_Supplied records_
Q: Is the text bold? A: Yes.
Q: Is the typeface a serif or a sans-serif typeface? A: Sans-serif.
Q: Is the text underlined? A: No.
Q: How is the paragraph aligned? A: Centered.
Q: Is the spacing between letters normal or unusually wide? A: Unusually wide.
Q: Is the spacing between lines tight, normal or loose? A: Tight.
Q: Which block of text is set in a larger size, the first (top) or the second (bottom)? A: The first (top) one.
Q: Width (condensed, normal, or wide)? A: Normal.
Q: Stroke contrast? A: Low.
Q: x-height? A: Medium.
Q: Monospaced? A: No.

_Instructions for the task_
Please reproduce all of the material exactly.

_Exercise output_
Q: Is the text bold? A: Yes.
Q: Is the typeface a serif or a sans-serif typeface? A: Sans-serif.
Q: Is the text underlined? A: No.
Q: How is the paragraph aligned? A: Centered.
Q: Is the spacing between letters normal or unusually wide? A: Unusually wide.
Q: Is the spacing between lines tight, normal or loose? A: Tight.
Q: Which block of text is set in a larger size, the first (top) or the second (bottom)? A: The first (top) one.
Q: Width (condensed, normal, or wide)? A: Normal.
Q: Stroke contrast? A: Low.
Q: x-height? A: Medium.
Q: Monospaced? A: No.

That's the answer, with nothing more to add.